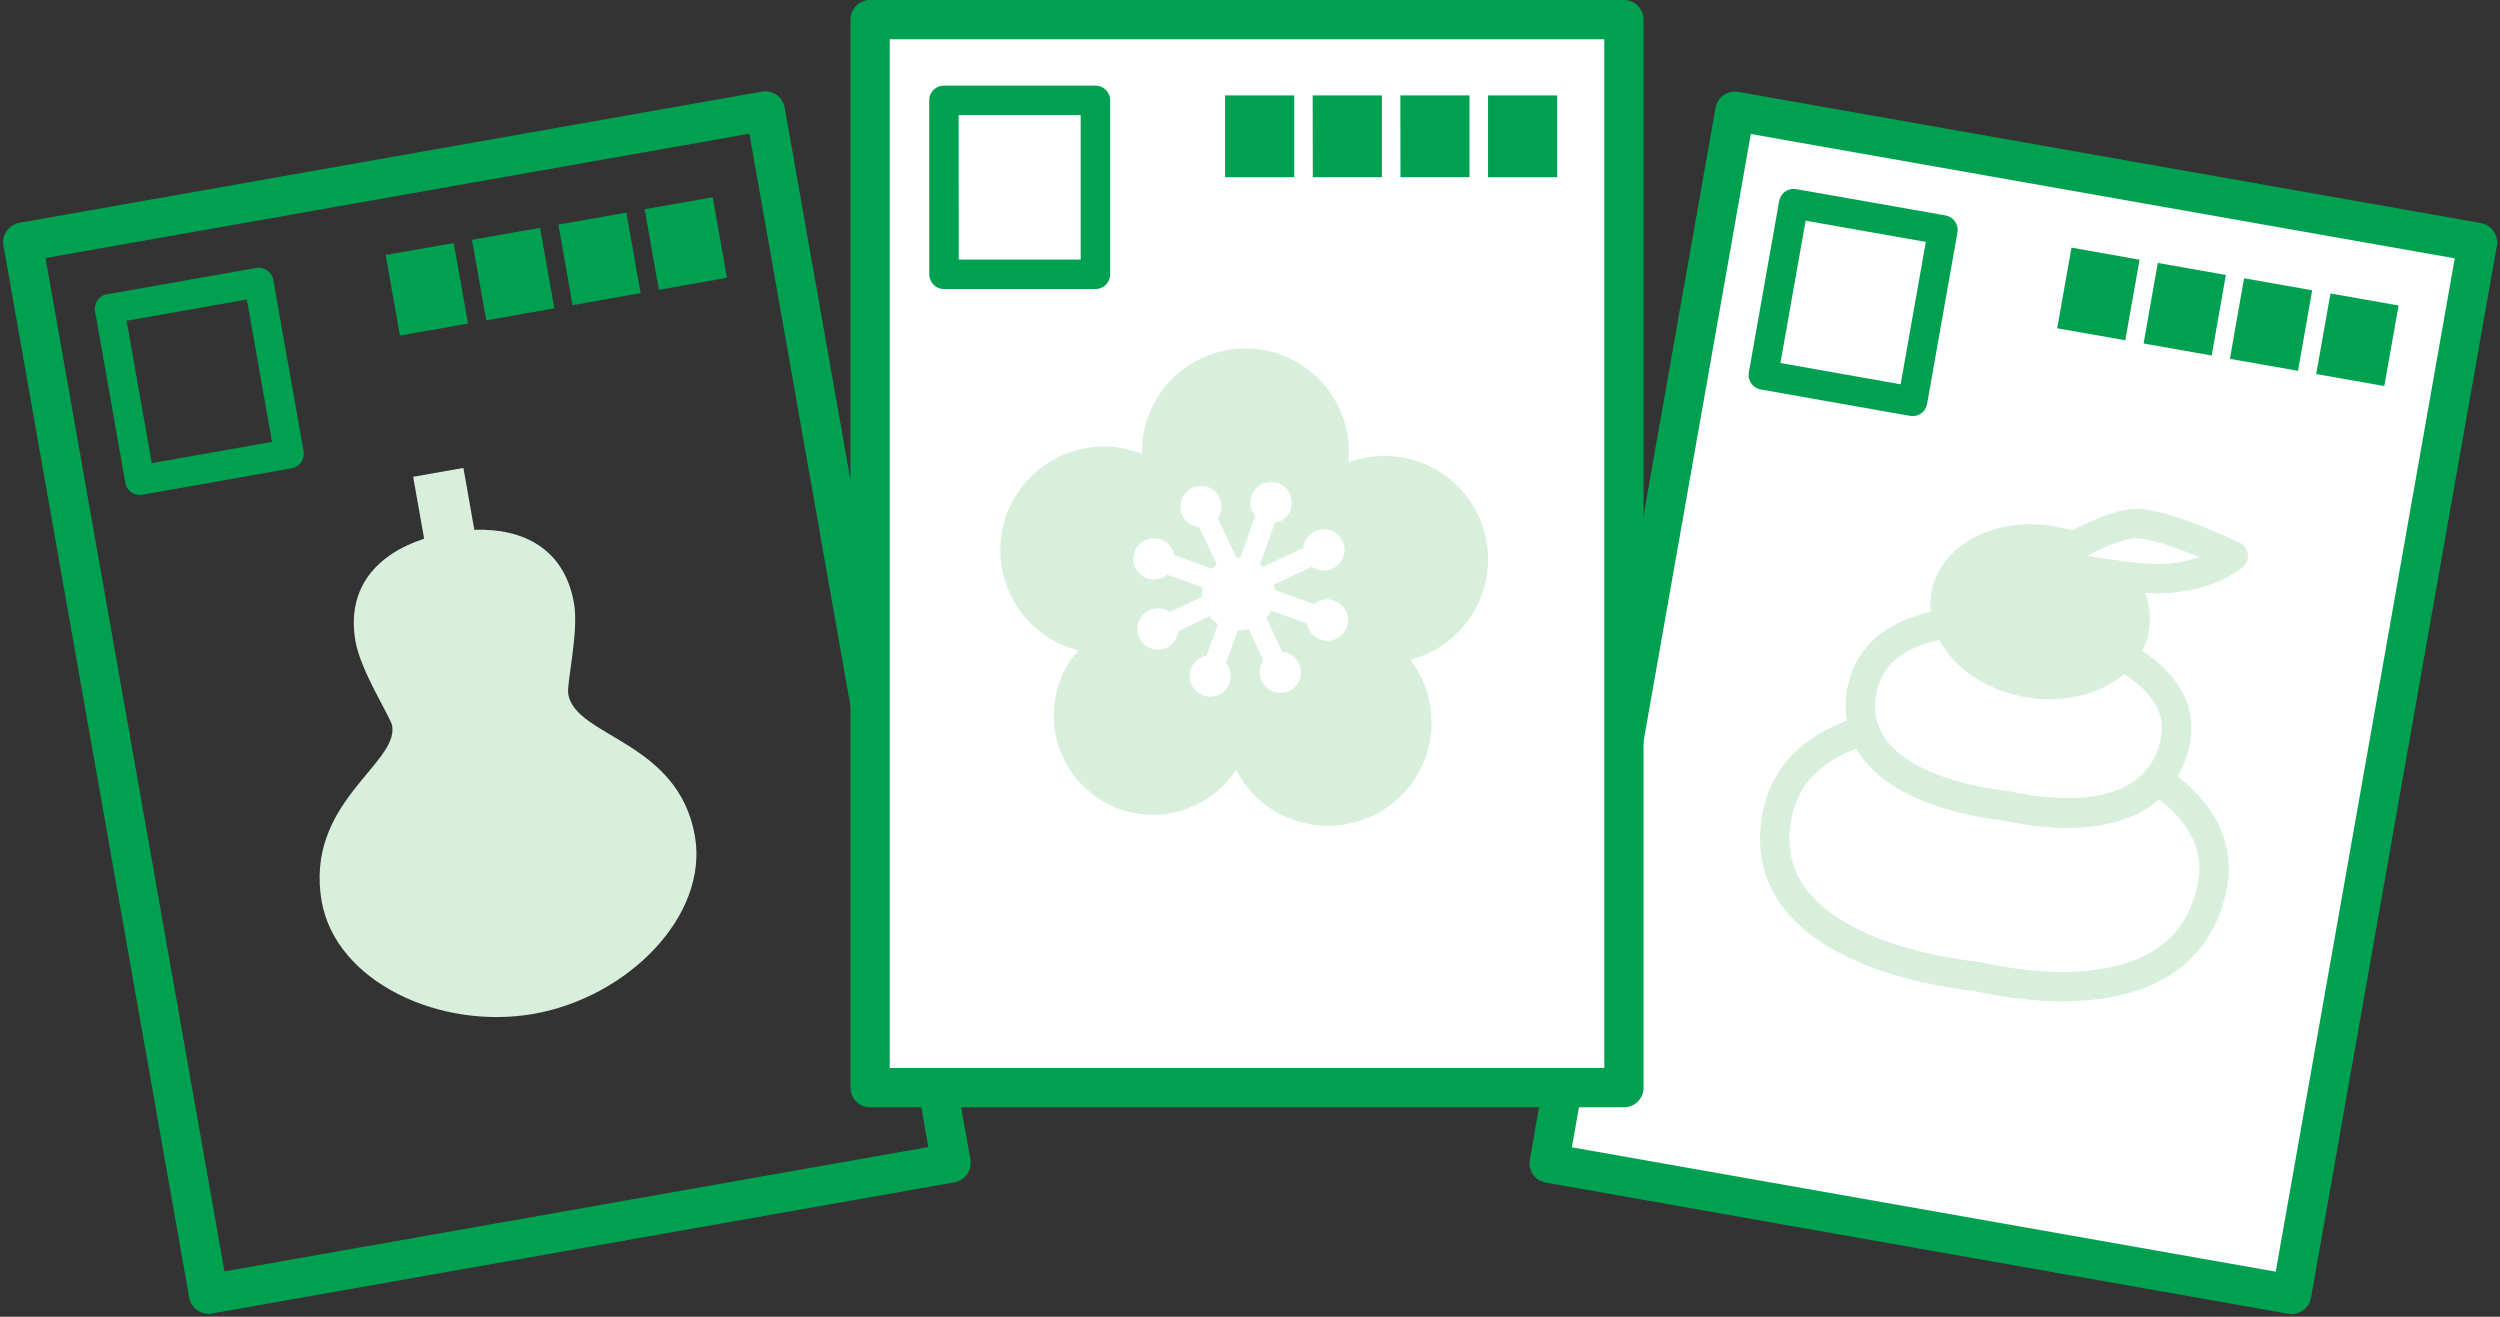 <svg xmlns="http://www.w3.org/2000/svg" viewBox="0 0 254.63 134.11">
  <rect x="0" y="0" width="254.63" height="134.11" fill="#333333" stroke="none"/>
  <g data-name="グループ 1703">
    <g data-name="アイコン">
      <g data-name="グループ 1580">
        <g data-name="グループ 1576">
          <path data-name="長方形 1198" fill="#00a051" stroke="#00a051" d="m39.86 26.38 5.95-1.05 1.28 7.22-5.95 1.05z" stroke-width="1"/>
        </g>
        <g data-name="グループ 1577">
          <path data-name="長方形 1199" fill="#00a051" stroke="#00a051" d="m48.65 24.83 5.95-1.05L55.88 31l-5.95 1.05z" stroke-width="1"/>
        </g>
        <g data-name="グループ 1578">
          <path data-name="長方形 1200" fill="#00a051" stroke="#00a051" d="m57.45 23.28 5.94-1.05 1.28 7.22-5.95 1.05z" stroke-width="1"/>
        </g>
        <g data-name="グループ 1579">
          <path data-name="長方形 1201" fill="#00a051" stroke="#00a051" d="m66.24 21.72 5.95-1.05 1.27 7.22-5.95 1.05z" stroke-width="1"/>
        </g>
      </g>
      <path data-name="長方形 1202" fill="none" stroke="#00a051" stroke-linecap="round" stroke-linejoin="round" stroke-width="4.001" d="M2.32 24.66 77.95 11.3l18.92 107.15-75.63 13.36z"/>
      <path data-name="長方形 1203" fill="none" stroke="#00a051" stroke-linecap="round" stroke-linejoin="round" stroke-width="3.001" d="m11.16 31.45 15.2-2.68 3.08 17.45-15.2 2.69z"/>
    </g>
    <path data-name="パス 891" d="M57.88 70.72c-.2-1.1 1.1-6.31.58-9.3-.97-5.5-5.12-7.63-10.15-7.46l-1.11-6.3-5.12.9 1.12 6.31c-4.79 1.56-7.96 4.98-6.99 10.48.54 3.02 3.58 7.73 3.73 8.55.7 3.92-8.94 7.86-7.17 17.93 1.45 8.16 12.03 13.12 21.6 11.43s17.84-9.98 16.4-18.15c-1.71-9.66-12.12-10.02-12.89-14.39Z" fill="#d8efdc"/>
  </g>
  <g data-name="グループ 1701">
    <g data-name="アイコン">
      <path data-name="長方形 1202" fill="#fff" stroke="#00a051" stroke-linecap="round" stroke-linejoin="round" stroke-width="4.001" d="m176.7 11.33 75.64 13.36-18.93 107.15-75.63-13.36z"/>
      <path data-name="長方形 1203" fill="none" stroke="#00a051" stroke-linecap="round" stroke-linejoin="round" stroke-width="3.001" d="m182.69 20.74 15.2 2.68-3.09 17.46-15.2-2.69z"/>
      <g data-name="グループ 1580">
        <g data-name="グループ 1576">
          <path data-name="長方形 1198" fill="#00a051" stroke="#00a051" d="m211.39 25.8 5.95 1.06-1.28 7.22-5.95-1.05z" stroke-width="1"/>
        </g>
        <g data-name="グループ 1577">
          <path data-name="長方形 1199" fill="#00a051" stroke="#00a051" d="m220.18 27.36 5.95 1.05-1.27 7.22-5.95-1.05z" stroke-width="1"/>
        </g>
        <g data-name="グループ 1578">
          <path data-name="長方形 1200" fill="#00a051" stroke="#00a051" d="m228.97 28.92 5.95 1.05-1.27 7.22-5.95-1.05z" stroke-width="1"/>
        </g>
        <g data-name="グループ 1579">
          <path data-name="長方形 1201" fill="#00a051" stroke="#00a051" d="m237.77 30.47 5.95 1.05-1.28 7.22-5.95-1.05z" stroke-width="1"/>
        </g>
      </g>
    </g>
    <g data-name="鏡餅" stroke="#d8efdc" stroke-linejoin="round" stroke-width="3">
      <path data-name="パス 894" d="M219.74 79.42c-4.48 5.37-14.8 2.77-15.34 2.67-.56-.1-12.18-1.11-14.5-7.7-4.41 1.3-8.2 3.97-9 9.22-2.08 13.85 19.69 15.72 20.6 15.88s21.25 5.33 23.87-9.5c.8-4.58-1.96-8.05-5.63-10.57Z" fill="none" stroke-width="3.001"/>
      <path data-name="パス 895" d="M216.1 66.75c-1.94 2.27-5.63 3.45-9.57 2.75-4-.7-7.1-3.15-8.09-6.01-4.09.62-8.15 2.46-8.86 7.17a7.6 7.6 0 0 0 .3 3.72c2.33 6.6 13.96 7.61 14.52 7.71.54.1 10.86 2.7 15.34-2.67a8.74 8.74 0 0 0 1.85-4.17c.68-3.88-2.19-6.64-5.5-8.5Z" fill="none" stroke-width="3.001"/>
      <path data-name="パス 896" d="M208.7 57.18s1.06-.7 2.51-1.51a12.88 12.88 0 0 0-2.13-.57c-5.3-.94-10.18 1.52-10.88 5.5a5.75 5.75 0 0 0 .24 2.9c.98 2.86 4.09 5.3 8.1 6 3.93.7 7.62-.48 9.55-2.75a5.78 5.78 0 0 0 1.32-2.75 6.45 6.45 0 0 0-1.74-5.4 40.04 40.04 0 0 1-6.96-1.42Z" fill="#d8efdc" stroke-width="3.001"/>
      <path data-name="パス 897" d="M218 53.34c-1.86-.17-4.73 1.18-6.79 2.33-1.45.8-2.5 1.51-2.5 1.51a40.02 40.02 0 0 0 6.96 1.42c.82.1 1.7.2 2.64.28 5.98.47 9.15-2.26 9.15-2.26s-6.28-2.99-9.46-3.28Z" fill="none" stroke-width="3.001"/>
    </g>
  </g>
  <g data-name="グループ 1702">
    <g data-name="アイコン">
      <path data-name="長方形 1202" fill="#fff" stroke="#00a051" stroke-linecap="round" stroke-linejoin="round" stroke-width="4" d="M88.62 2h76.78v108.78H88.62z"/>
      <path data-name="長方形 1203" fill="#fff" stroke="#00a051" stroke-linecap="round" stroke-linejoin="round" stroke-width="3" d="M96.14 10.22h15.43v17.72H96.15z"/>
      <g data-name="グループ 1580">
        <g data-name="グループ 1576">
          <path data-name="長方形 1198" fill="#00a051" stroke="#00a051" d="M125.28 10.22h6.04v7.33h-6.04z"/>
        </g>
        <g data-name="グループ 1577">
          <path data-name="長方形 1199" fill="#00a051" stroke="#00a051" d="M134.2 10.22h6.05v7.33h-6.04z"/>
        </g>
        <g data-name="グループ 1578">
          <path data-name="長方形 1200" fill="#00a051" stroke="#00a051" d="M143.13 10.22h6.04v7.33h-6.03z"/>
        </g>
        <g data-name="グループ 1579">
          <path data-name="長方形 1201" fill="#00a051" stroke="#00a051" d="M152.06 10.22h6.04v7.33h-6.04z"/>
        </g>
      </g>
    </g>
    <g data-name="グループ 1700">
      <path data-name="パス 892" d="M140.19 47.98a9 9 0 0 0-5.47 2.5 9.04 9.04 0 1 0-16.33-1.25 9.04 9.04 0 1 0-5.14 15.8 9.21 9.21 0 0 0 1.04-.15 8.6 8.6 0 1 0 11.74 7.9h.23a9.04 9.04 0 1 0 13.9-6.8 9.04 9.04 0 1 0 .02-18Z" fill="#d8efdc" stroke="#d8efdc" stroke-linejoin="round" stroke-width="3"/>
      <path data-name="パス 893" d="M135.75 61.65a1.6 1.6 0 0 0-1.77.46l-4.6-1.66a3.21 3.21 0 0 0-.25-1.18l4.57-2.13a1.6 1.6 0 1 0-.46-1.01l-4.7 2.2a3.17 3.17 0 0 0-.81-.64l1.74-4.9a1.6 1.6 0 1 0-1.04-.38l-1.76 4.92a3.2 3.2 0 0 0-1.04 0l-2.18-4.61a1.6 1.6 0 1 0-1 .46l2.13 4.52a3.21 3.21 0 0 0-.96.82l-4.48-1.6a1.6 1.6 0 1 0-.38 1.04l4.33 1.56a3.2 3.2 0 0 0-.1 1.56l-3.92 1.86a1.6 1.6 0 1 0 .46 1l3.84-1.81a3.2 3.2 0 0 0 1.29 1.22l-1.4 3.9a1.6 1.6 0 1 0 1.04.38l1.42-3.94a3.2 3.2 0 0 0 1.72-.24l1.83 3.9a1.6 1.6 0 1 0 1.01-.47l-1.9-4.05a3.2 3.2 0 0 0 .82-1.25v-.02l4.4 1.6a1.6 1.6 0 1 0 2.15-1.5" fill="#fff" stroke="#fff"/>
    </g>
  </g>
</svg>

■ ■ ■

What needs to be done » Say how many lines above contain the string "none". Answer with the number only.

Answer space » 7